Postby vasu raya » 01 Apr 2017 21:46

Something relevant,

https://en.wikipedia.org/wiki/Pumped-storage_hydroelectricity

Image

Pumped-storage hydroelectricity (PSH), or pumped hydroelectric energy storage (PHES), is a type of hydroelectric energy storage used by electric power systems for load balancing. The method stores energy in the form of gravitational potential energy of water, pumped from a lower elevation reservoir to a higher elevation. Low-cost surplus off-peak electric power is typically used to run the pumps. During periods of high electrical demand, the stored water is released through turbines to produce electric power. Although the losses of the pumping process makes the plant a net consumer of energy overall, the system increases revenue by selling more electricity during periods of peak demand, when electricity prices are highest.

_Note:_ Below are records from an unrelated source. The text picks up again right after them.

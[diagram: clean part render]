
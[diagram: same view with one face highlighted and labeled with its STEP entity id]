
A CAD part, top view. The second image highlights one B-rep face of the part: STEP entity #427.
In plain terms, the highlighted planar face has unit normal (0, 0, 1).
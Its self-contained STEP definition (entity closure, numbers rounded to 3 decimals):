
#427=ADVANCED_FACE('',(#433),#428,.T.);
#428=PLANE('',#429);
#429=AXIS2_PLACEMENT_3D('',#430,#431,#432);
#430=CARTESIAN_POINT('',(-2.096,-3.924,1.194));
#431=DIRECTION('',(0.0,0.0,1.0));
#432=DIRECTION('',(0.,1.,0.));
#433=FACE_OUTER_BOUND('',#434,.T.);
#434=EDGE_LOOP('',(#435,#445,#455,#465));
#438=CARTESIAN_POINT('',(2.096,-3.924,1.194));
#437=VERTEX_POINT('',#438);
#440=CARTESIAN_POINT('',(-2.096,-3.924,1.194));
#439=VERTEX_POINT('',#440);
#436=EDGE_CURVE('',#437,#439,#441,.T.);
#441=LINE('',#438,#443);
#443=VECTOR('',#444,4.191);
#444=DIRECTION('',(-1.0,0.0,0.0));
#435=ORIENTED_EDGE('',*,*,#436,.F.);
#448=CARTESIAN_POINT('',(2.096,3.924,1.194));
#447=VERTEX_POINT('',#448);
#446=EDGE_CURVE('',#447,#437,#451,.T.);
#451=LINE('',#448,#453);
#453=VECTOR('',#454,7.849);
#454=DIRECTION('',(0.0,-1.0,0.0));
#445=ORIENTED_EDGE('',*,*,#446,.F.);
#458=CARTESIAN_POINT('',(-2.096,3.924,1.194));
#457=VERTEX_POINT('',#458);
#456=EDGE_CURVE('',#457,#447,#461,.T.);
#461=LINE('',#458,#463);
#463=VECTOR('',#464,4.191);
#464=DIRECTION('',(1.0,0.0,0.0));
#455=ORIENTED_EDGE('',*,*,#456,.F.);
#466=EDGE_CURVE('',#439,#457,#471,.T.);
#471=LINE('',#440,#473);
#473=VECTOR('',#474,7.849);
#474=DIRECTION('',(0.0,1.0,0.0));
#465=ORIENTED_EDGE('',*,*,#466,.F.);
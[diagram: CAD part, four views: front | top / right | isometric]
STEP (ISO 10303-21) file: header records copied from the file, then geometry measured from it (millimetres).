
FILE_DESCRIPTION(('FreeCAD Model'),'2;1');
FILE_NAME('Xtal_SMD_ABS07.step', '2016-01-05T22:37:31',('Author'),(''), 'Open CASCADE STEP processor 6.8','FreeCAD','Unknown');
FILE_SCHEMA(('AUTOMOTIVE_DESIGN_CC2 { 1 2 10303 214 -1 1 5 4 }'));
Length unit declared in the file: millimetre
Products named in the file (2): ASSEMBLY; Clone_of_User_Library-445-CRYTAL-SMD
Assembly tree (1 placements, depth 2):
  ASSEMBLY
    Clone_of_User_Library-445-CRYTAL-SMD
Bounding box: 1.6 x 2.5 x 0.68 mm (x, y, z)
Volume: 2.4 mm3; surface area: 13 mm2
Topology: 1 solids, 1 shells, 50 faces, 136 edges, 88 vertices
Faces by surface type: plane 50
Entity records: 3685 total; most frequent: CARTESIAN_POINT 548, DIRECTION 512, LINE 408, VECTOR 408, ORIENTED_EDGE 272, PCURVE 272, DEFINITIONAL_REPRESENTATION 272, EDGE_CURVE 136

Pumped-storage hydroelectricity allows energy from intermittent sources (such as solar, wind) and other renewables, or excess electricity from continuous base-load sources (such as coal or nuclear) to be saved for periods of higher demand.[1][2] The reservoirs used with pumped storage are quite small when compared to conventional hydroelectric dams of similar power capacity, and generating periods are often less than half a day.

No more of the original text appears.